The following blog post appeared in its original form on Towards Data Science. It’s part of a series on DataOps for effective AI/ML. The author is CDO and VP Engineering here at Unravel Data. (GIF by giphy)
Let’s start with a real-world example from one of my past machine learning (ML) projects: We were building a customer churn model. “We urgently need an additional feature related to sentiment analysis of the customer support calls.” Creating the data pipeline to extract this dataset took about 4 months! Preparing, building, and scaling the Spark MLlib code took about 1.5-2 months! Later we realized that “an additional feature related to the time spent by the customer in accomplishing certain tasks in our app would further improve the model accuracy” — another 5 months gone in the data pipeline! Effectively, it took 2+ years to get the ML model deployed!
After driving dozens of ML initiatives (as well as advising multiple startups on this topic), I have reached the following conclusion: Given the iterative nature of AI/ML projects, having an agile process of building fast and reliable data pipelines (referred to as DataOps) has been the key differentiator in the ML projects that succeeded. (Unless there was a very exhaustive feature store available, which is typically never the case).
Behind every successful AI/ML product is a fast and reliable data pipeline developed using well-defined DataOps processes!
To level-set, what is DataOps? From Wikipedia: “DataOps incorporates the agile methodology to shorten the cycle time of analytics development in alignment with business goals.”
I define DataOps as a combination of process and technology to iteratively deliver reliable data pipelines with agility. Depending on the maturity of your data platform, you might be one of the following DataOps phases:
- Ad-hoc: No clear processes for DataOps
- Developing: Clear processes defined, but accomplished manually by the data team
- Optimal: Clear processes with self-service automation for data scientists, analysts, and users.
The DataOps lifecycle – shown as an infinity loop above – represents the journey in transforming raw data to insights. Before discussing the key processes in each lifecycle stage, the following is a list of top-of-mind battle scars I have encountered in each of the stages:
- Plan: “We cannot start a new project — we do not have the resources and need additional budget first”
- Create: “The query joins the tables in the data samples. I didn’t realize the actual data had a billion rows! ”
- Orchestrate: “Pipeline completes but the output table is empty — the scheduler triggered the ETL before the input table was populated”
- Test & Fix: “Tested in dev using a toy dataset — processing failed in production with OOM (out of memory) errors”
- Continuous Integration; “Poorly written data pipeline got promoted to production — the team is now firefighting”
- Deploy: “Did not anticipate the scale and resource contention with other pipelines”
- Operate & Monitor: “Not sure why the pipeline is running slowly today”

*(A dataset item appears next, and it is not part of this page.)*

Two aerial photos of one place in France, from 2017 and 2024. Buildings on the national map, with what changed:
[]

- Optimize & Feedback: “I tuned the query one time — didn’t realize the need to do it continuously to account for data skew, scale, etc.”

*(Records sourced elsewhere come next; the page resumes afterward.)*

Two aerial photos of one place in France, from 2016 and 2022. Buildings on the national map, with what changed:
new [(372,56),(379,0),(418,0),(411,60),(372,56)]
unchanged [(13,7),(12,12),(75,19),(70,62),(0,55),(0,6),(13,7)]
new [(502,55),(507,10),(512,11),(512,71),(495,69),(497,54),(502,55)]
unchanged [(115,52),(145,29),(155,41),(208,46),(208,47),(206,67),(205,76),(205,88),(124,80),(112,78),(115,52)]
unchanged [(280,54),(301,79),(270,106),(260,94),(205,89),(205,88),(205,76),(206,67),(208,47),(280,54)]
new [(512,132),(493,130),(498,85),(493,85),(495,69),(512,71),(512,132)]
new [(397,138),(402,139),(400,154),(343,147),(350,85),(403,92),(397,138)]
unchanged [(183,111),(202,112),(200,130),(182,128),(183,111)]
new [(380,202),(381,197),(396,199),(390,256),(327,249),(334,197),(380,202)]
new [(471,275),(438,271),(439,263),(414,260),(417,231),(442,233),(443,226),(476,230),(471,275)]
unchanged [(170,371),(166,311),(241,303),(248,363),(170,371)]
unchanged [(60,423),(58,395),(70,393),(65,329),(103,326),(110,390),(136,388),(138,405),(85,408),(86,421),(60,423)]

To avoid these battle scars and more, it is critical to mature DataOps from ad hoc, to developing, to self-service.
This blog series will help you go from ad hoc to well-defined DataOps processes, as well as share ideas on how to make them self-service, so that data scientists and users are not bottlenecked by data engineers.

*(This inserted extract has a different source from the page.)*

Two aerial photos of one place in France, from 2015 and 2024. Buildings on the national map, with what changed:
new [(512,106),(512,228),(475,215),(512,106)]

For each stage of the DataOps lifecycle stage, follow the links for the key processes to define and the experiences in making them self-service (some of the links below are being populated, so please bookmark this blog post and come back over time):
- How to streamline finding datasets
- Formulating the scope and success criteria of the AI/ML problem
- How to select the right data processing technologies (batch, interactive, streaming) based on business needs
- How to streamline accessing metadata properties of the datasets
- How to streamline the data preparation process
- How to make behavioral data self-service
Test & Fix Stage
- Streamlining sandbox environment for testing
- Identify and remove data pipeline bottlenecks
- Verify data pipeline results for correctness, quality, performance, and efficiency
Continuous Integration & Deploy Stage
- Smoke test for data pipeline code integration
- Scheduling window selection for data pipelines
- Changes rollback
- Detect anomalies to proactively avoid SLA violation
- Managing data incidents in production
- Alerting on rogue (resource hogging) jobs
- Building end-to-end observability of data pipelines
- Tracking lineage of data flows data
- Enforcing data quality with circuit breakers
Optimize & Feedback Stage
- Continuously optimize existing data pipelines
- Alerting on budgets
In summary, DataOps is the key to delivering fast and reliable AI/ML! It is a team sport. This blog series aims to demystify the required processes as well as build a common understanding across Data Scientists, Engineers, Operations, etc.